Sunday, January 6, 2008 | posted by Thomas Carlyle

Blogging at Home for the Painfully Alone

I sometimes wonder what it would be like to have a life full of dignity and self respect. Wouldn't it get dull after a while? When would you talk to yourself under your breath, telling yourself how stupid or ugly you are? That you shouldn't do something because you'll only fail spectacularly at it (hello College, Social Life, and Elevennames!), like you've failed at everything else?

This would, in an ideal situation, be the point where I say "But then you go ahead and do it anyway and then you feel great about it because you aren't trying to prove anything to anyone." But I am not going to say this. Because it is a filthy bastard lie. I have done plenty of things that I knew I should not have done, and I did not feel good about doing them. That voice in your head that tells you about your limitations is there for a damn good reason. I don't doubt that sometimes it must be ignored, the times when you have to talk to the girl or write the paper or do something bold and brave and hooray inducing. Other times, individuals must be aware that no amount of blatant denial will hide their obvious, tragic failings. Which is part of what makes the internet such a miracle; we are forever observing people who participate in this culture of blatant denial. Sometimes we even reward them! The great yawning chasm of despair that mortal men call YouTube is seeded on a minutely basis with people who want the whole world to see their failings and arrogance. This is not to imply I'm naval-gazing over some kind of recent phenomenon, either; observe Danny Tanner and America's Funniest Home Videos, or even that Funt guy and his show. There is precedent here - I mean, what did people do at gladiatorial games, if not laugh at the funny looking or unlucky contestants? I mean, there wasn't a lot of replay value when they were eaten by tigers or whatever.
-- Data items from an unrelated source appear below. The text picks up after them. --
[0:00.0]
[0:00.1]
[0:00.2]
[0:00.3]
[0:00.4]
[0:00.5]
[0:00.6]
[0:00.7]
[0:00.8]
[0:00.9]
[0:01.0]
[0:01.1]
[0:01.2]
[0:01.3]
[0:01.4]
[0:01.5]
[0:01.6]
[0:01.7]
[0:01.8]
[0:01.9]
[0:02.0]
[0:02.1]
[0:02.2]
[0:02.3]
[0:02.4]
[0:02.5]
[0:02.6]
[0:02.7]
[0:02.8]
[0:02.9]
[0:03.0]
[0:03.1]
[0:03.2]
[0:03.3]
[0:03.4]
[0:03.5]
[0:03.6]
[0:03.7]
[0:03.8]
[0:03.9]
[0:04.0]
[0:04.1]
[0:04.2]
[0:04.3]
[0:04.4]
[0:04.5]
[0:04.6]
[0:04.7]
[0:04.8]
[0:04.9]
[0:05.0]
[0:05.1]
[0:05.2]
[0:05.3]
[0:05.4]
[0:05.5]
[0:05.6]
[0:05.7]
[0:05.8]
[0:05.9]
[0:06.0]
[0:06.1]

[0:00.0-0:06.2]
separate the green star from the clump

So instead of (can I begin a sentence not on a preposition, just once?) musing about the gradual erosion of dignity and the whole notion of Blogging Like An Adult (I just googled that!), I just figure that the whole thing is a social construct anyway, and I've got enough of those already, kthnx. I grew up with dungeons and dragons - I don't need another set of codified instructions about imaginary entities interfering with my daily life. Suffice it to say, the old crank in me hates everything, while the kid in me likes the two scoops of raisins. Or whatever. Effing Family Guy has ruined my entire generation. Or has it?
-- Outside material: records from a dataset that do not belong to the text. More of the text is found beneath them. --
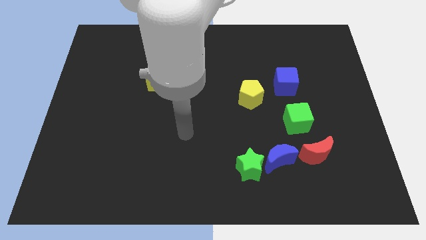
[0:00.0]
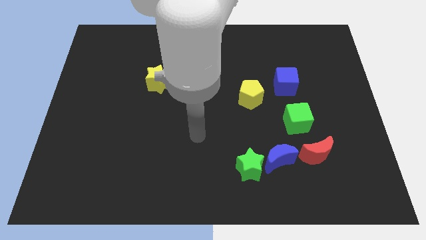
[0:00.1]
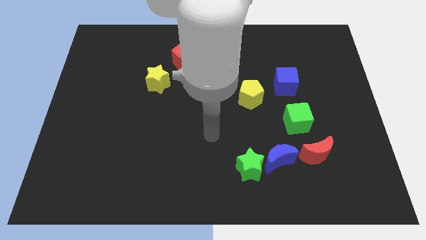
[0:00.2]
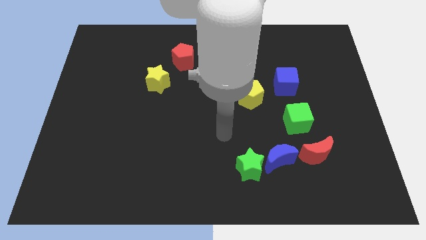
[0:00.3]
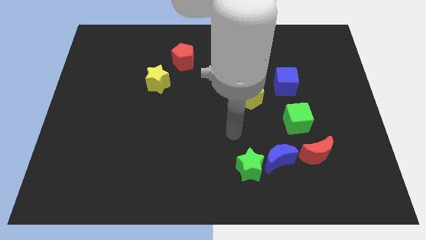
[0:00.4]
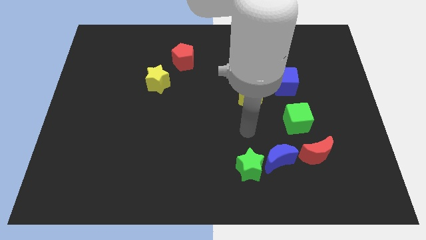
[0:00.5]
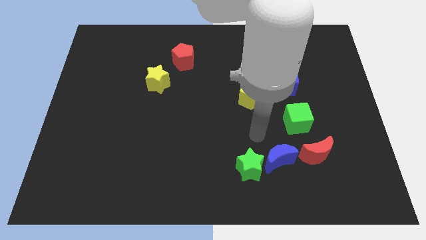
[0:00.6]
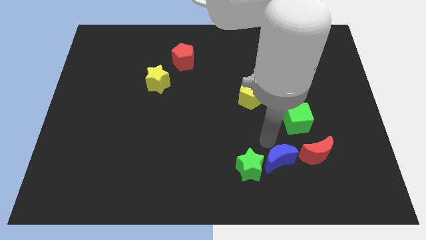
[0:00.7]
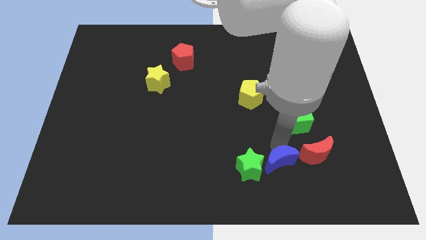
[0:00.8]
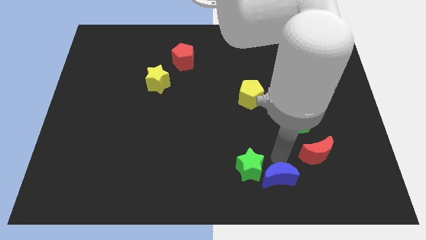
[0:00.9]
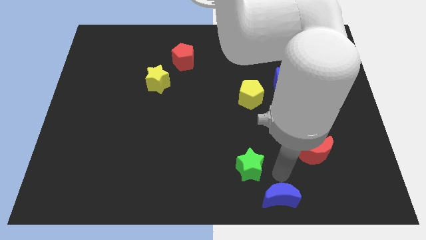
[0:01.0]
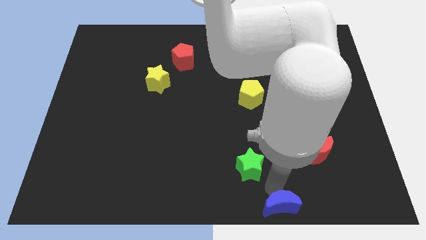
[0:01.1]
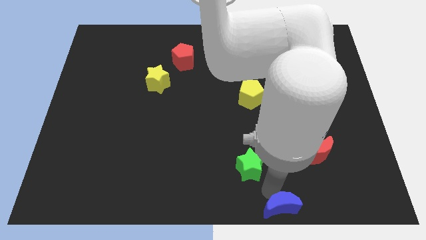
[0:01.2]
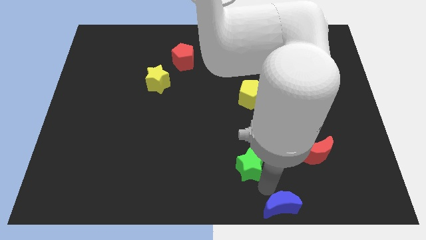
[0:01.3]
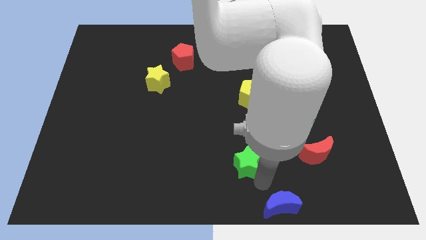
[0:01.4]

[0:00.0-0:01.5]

Anyway. My point (the irony is that I got distracted by the adult ADD website) is that, uh, the internets are an evolution of natural human patterns, and, uh (ha ha, check out that list of 151 strengths of adults with ADD! "The Positive's (sic) of ADD") that there's really nothing fancy or newfangled about it, that it's just more voices to contend with - that if they weren't supplied from the outside, they'd probably come from within. Human personalities seem to be consciously self regulating in a way that I (in my intense and scientific studies) have not noticed in animals. Which is to say, a trained dog will not look down it's nose (okay, so it will, hey, why don't you shut up?) at a dog which doesn't have any sort of normal socialization. And that hey, maybe that's the point of humanity's progress! Perhaps every social and scientific advancement has just been one great escalation of snobbery, a great sociological pyramid of gentrification, constantly seeking that one universal, Fonzy-like cool that will end the search. It certainly sounds bleak enough to be a cosmic truth, and fits nicely into the myths of lost civilizations.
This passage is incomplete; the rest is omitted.